Aim of the task: Leaving the pictures aside, restate all of the data exactly.

Supplied material: Begin

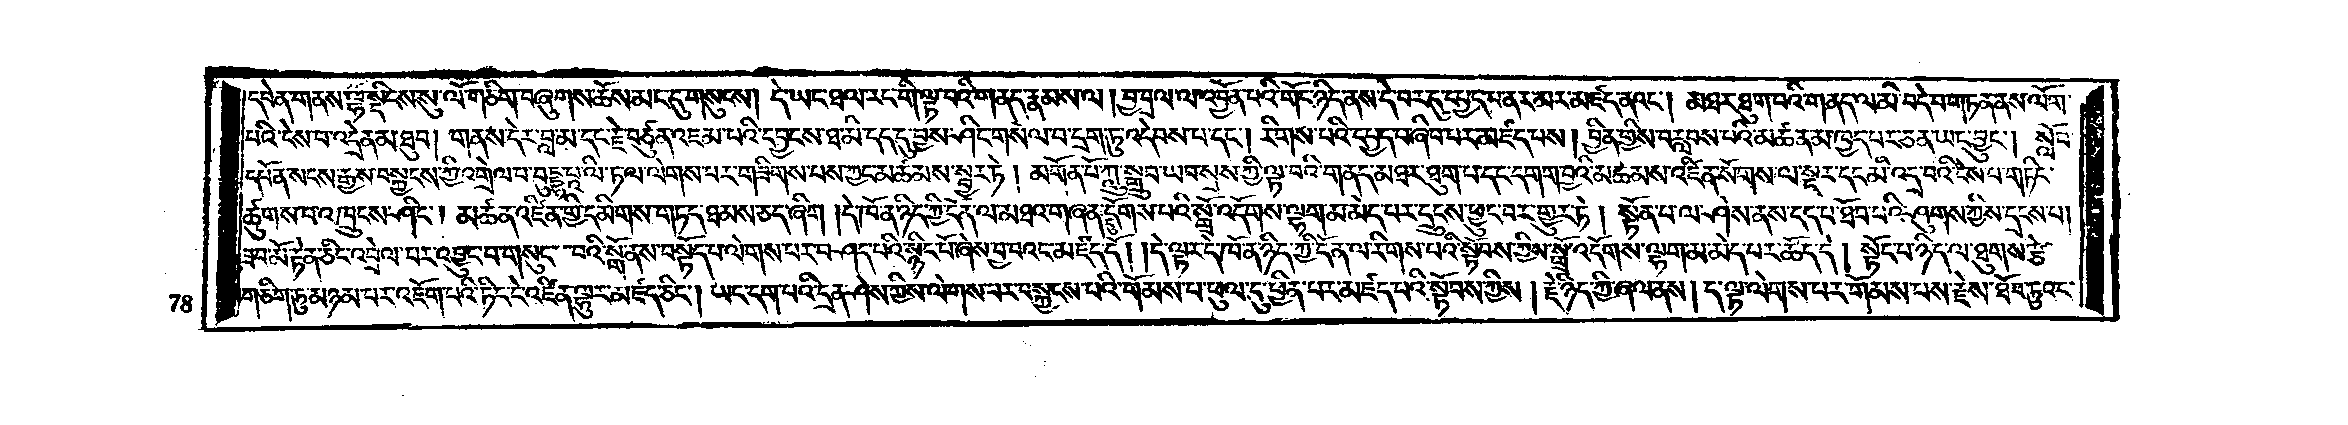དབེན་གནས་ལྷ་སྡིངས་སུ་ལོ་གཅིག་བཞུགས་ཆོས་མང་དུ་གསུངས། དེ་ཡང་ཐལ་རང་གི་ལྟ་བའི་གནད་རྣམས་ལ། བྱ་བྲལ་ལ་འབྱོན་པའི་གོང་ཉིད་ནས་དེ་བར་དུ་དཔྱད་པ་ནར་མར་མཛད་ནའང་། མཐར་ཐུག་པའི་གནད་ལ་མི་བདེ་བ་གཏན་ནས་ལོག་
པའི་ངེས་པ་འདྲེན་མ་ཐུབ། གནས་དེར་བླ་མ་དང་རྗེ་བཙུན་འཇམ་པའི་དབྱངས་ཐ་མི་དད་དུ་བྱས་ཤིང་གསེལ་བ་དྲག་ཏུ་འདེབས་པ་དང་། རིགས་པའི་དཔྱད་པ་ཞིབ་པར་མཛད་པས། བྱིན་གྱིས་བརླབས་པའི་མཚན་མ་ཁྱད་པར་ཅན་ཡང་བྱུང་། སློབ་
དཔོན་སངས་རྒྱས་བསྐྱངས་ཀྱི་འགྲེལ་པ་བུདྡྷ་པཱ་ལི་ཏ་ལ་ལེགས་པར་གཟིགས་པས་ཀྱང་མཚམས་སྦྱར་ཏེ། མགོན་པོ་ཀླུ་སྒྲུབ་ཡབ་སྲས་ཀྱི་ལྟ་བའི་གནད་མཐར་ཐུག་པ་དང་དགག་བྱའི་མཚམས་འཛིན་སོགས་ལ་སྔར་དང་མི་འདྲ་བའི་ངེས་པ་གཏིང་
ཚུགས་པ་འཁྲུངས་ཤིང་། མཚན་འཛིན་གྱི་དམིགས་གཏད་ཐམས་ཅད་ཞིག །དེ་ཁོ་ན་ཉིད་ཀྱི་དོན་ལ་མཐའ་གཞན་དུ་དོགས་པའི་སྒྲོ་འདོགས་ལྷག་མ་མེད་པར་དྲུངས་ཕྱུང་བར་གྱུར་ཏེ། སྟོན་པ་ལ་ཤེས་ནས་དད་པ་ཐོབ་པའི་ཤུགས་ཀྱིས་དྲངས་པ།
ཟབ་མོ་རྟེན་ཅིང་འབྲེལ་པར་འབྱུང་བ་གསུང་བའི་སྒོ་ནས་བསྟོད་པ་ལེགས་པར་བཤད་པའི་སྙིང་པོ་ཞེས་བྱ་བའང་མཛད་དོ། །དེ་ལྟར་དེ་ཁོ་ན་ཉིད་ཀྱི་དོན་ལ་རིགས་པའི་སྟོབས་ཀྱིས་སྒྲོ་འདོགས་ལྷག་མ་མེད་པར་ཆོད་དེ། སྟོང་པ་ཉིད་ལ་ཐུགས་རྩེ་
གཅིག་ཏུ་མཉམ་པར་འཇོག་པའི་ཏིང་ངེ་འཛིན་ལྷུར་མཛད་ཅིང་། ཡང་དག་པའི་དྲན་ཤེས་ཀྱིས་ལེགས་པར་བསྐྱངས་པའི་གོམས་པ་ཕུལ་དུ་ཕྱིན་པར་མཛད་པའི་སྟོབས་ཀྱིས། རྗེ་ཉིད་ཀྱི་ཞལ་ནས། ད་ལྟ་ལེགས་པར་གོམས་པས་རྗེས་ཐོབ་ཏུའང་
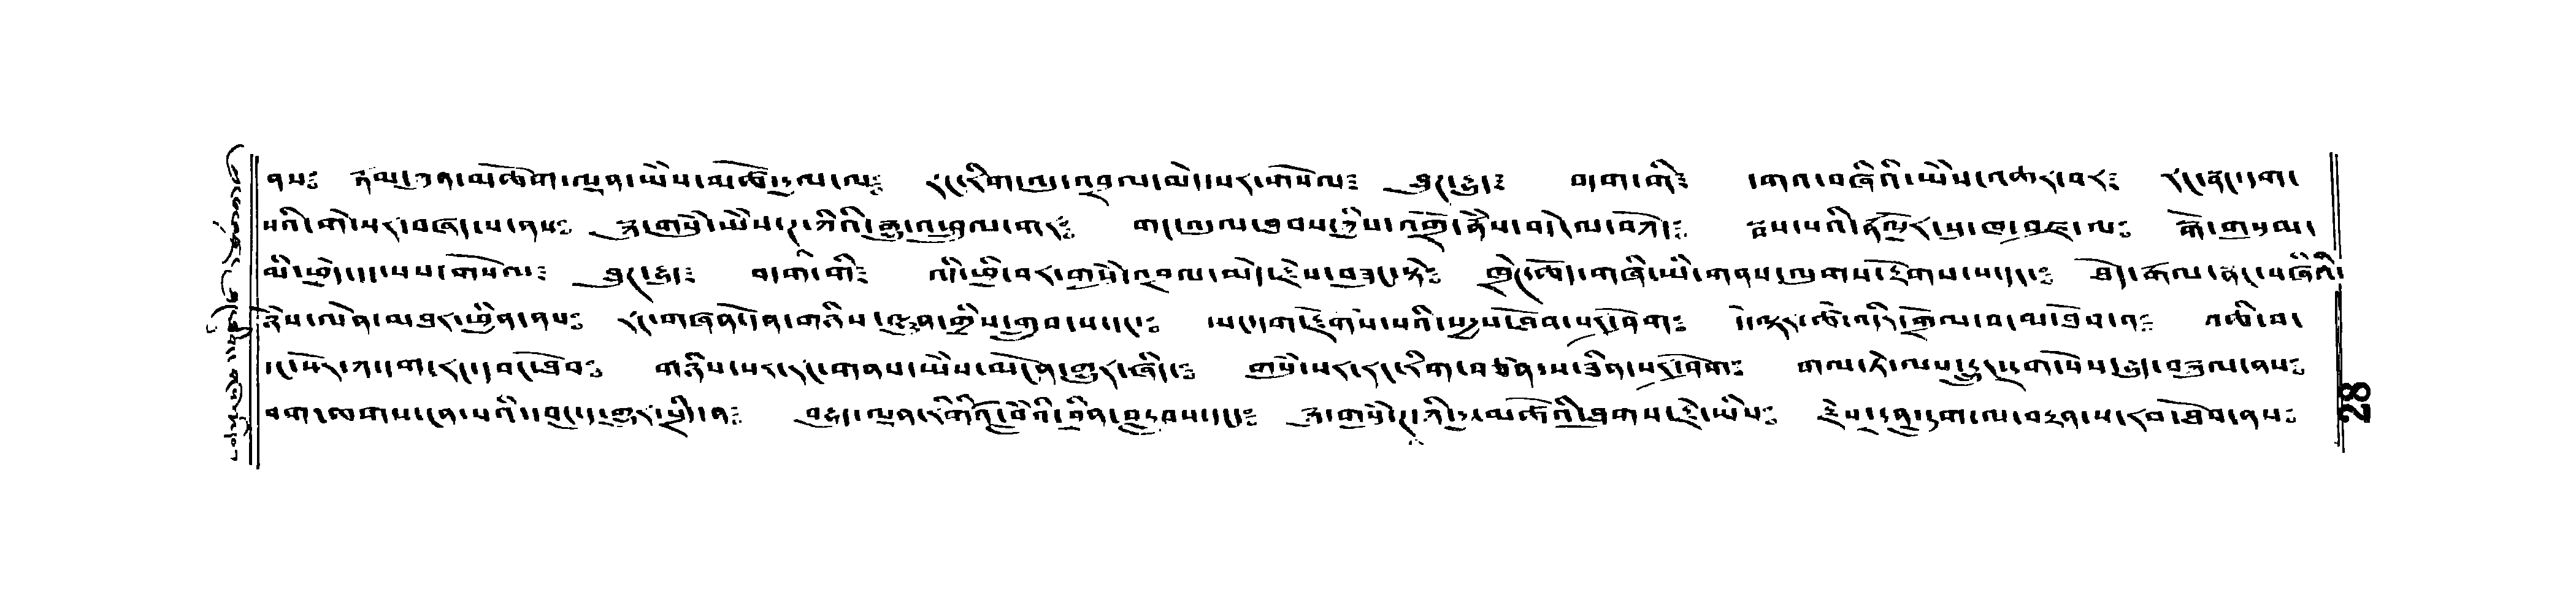ནས༔ རྣམ་ཀུན་མཆོག་ལྡན་ཡེ་ཤེས་མཚོ་རྒྱལ་ལ༔ རང་རིག་འདུ་འབྲལ་མེད་པར་གསོལ༴ ཐུགས་རྒྱུད༴ བདག་གི༴ དགའ་བཞིའི་ཡེ་ཤེས་འཆར་བར༴ རང་སྣང་དག་
པའི་གེ་སར་བཞད་པ་ནས༔ སྐུ་གསུམ་ཡེ་ཤེས་ཌཱ་ཀིའི་སྒྱུ་འཕྲུལ་གར༔ གང་འདུལ་ཐབས་ཀྱིས་འགྲོ་རྣམས་བདེ་ལ་བཀོད༔ སྦས་པའི་རྣལ་འབྱོར་སུ་ཁ་བཛྲ་ལཿ སྒོ་གསུམ་
མི་ཕྱེད་དད་པས་གསོལ༴ ཐུགས་རྒྱུད༴ བདག་གི༴ འདི་ཕྱི་བར་གསུམ་འབྲལ་མེད་རྗེས་བཟུང་སྟེ༔ ཁྲེགས་ཆོད་གཞི་ཡི་གནས་ལུགས་རྟོགས་པ་དང༔ ཐོད་རྒལ་སྣང་བཞིའི་
ཉམས་ལེན་མཐར་ཕྱིན་ནས༔ རང་གཞན་དོན་གཉིས་ལྷུན་གྱིས་གྲུབ་པ་དང༔ ཡང་དག་རྫོགས་པའི་སངས་རྒྱས་ཐོབ་པར་ཤོག༔ དེ་ལྟར་ཚེ་འདིར་གྲོལ་བ་མ་ཐོབ་ན༔ འཆི་བ་
དང་པོར་ཀ་དག་རང་དབང་ཐོབ༔ གཉིས་པར་རང་གནས་ཡེ་ཤེས་མངོན་གྱུར་ཞིང༔ གསུམ་པར་རང་རིག་བཙན་ས་ཟིན་པར་ཤོག༔ གལ་ཏེ་ལས་རླུང་དྲག་པོས་རྒྱུད་བསྐུལ་ནས༔ 
བདག་ཆགས་ངན་པའི་དབང་དུ་གྱུར་སྲིད་ན༔བརྒྱུད་ལྡན་རིག་འཛིན་བླ་མའི་བྱིན་བརླབས་དང༔ སྐུ་གསུམ་ཌཱ་ཀི་རྒྱ་མཚོའི་ཐུགས་རྗེ་ཡིས༔ རྗེས་དྲན་དྲུག་ལ་བརྟན་པ་རབ་ཐོབ་ནས༔

Supplied material: End

Result of the exercise:
དབེན་གནས་ལྷ་སྡིངས་སུ་ལོ་གཅིག་བཞུགས་ཆོས་མང་དུ་གསུངས། དེ་ཡང་ཐལ་རང་གི་ལྟ་བའི་གནད་རྣམས་ལ། བྱ་བྲལ་ལ་འབྱོན་པའི་གོང་ཉིད་ནས་དེ་བར་དུ་དཔྱད་པ་ནར་མར་མཛད་ནའང་། མཐར་ཐུག་པའི་གནད་ལ་མི་བདེ་བ་གཏན་ནས་ལོག་
པའི་ངེས་པ་འདྲེན་མ་ཐུབ། གནས་དེར་བླ་མ་དང་རྗེ་བཙུན་འཇམ་པའི་དབྱངས་ཐ་མི་དད་དུ་བྱས་ཤིང་གསེལ་བ་དྲག་ཏུ་འདེབས་པ་དང་། རིགས་པའི་དཔྱད་པ་ཞིབ་པར་མཛད་པས། བྱིན་གྱིས་བརླབས་པའི་མཚན་མ་ཁྱད་པར་ཅན་ཡང་བྱུང་། སློབ་
དཔོན་སངས་རྒྱས་བསྐྱངས་ཀྱི་འགྲེལ་པ་བུདྡྷ་པཱ་ལི་ཏ་ལ་ལེགས་པར་གཟིགས་པས་ཀྱང་མཚམས་སྦྱར་ཏེ། མགོན་པོ་ཀླུ་སྒྲུབ་ཡབ་སྲས་ཀྱི་ལྟ་བའི་གནད་མཐར་ཐུག་པ་དང་དགག་བྱའི་མཚམས་འཛིན་སོགས་ལ་སྔར་དང་མི་འདྲ་བའི་ངེས་པ་གཏིང་
ཚུགས་པ་འཁྲུངས་ཤིང་། མཚན་འཛིན་གྱི་དམིགས་གཏད་ཐམས་ཅད་ཞིག །དེ་ཁོ་ན་ཉིད་ཀྱི་དོན་ལ་མཐའ་གཞན་དུ་དོགས་པའི་སྒྲོ་འདོགས་ལྷག་མ་མེད་པར་དྲུངས་ཕྱུང་བར་གྱུར་ཏེ། སྟོན་པ་ལ་ཤེས་ནས་དད་པ་ཐོབ་པའི་ཤུགས་ཀྱིས་དྲངས་པ།
ཟབ་མོ་རྟེན་ཅིང་འབྲེལ་པར་འབྱུང་བ་གསུང་བའི་སྒོ་ནས་བསྟོད་པ་ལེགས་པར་བཤད་པའི་སྙིང་པོ་ཞེས་བྱ་བའང་མཛད་དོ། །དེ་ལྟར་དེ་ཁོ་ན་ཉིད་ཀྱི་དོན་ལ་རིགས་པའི་སྟོབས་ཀྱིས་སྒྲོ་འདོགས་ལྷག་མ་མེད་པར་ཆོད་དེ། སྟོང་པ་ཉིད་ལ་ཐུགས་རྩེ་
གཅིག་ཏུ་མཉམ་པར་འཇོག་པའི་ཏིང་ངེ་འཛིན་ལྷུར་མཛད་ཅིང་། ཡང་དག་པའི་དྲན་ཤེས་ཀྱིས་ལེགས་པར་བསྐྱངས་པའི་གོམས་པ་ཕུལ་དུ་ཕྱིན་པར་མཛད་པའི་སྟོབས་ཀྱིས། རྗེ་ཉིད་ཀྱི་ཞལ་ནས། ད་ལྟ་ལེགས་པར་གོམས་པས་རྗེས་ཐོབ་ཏུའང་
ནས༔ རྣམ་ཀུན་མཆོག་ལྡན་ཡེ་ཤེས་མཚོ་རྒྱལ་ལ༔ རང་རིག་འདུ་འབྲལ་མེད་པར་གསོལ༴ ཐུགས་རྒྱུད༴ བདག་གི༴ དགའ་བཞིའི་ཡེ་ཤེས་འཆར་བར༴ རང་སྣང་དག་
པའི་གེ་སར་བཞད་པ་ནས༔ སྐུ་གསུམ་ཡེ་ཤེས་ཌཱ་ཀིའི་སྒྱུ་འཕྲུལ་གར༔ གང་འདུལ་ཐབས་ཀྱིས་འགྲོ་རྣམས་བདེ་ལ་བཀོད༔ སྦས་པའི་རྣལ་འབྱོར་སུ་ཁ་བཛྲ་ལཿ སྒོ་གསུམ་
མི་ཕྱེད་དད་པས་གསོལ༴ ཐུགས་རྒྱུད༴ བདག་གི༴ འདི་ཕྱི་བར་གསུམ་འབྲལ་མེད་རྗེས་བཟུང་སྟེ༔ ཁྲེགས་ཆོད་གཞི་ཡི་གནས་ལུགས་རྟོགས་པ་དང༔ ཐོད་རྒལ་སྣང་བཞིའི་
ཉམས་ལེན་མཐར་ཕྱིན་ནས༔ རང་གཞན་དོན་གཉིས་ལྷུན་གྱིས་གྲུབ་པ་དང༔ ཡང་དག་རྫོགས་པའི་སངས་རྒྱས་ཐོབ་པར་ཤོག༔ དེ་ལྟར་ཚེ་འདིར་གྲོལ་བ་མ་ཐོབ་ན༔ འཆི་བ་
དང་པོར་ཀ་དག་རང་དབང་ཐོབ༔ གཉིས་པར་རང་གནས་ཡེ་ཤེས་མངོན་གྱུར་ཞིང༔ གསུམ་པར་རང་རིག་བཙན་ས་ཟིན་པར་ཤོག༔ གལ་ཏེ་ལས་རླུང་དྲག་པོས་རྒྱུད་བསྐུལ་ནས༔ 
བདག་ཆགས་ངན་པའི་དབང་དུ་གྱུར་སྲིད་ན༔བརྒྱུད་ལྡན་རིག་འཛིན་བླ་མའི་བྱིན་བརླབས་དང༔ སྐུ་གསུམ་ཌཱ་ཀི་རྒྱ་མཚོའི་ཐུགས་རྗེ་ཡིས༔ རྗེས་དྲན་དྲུག་ལ་བརྟན་པ་རབ་ཐོབ་ནས༔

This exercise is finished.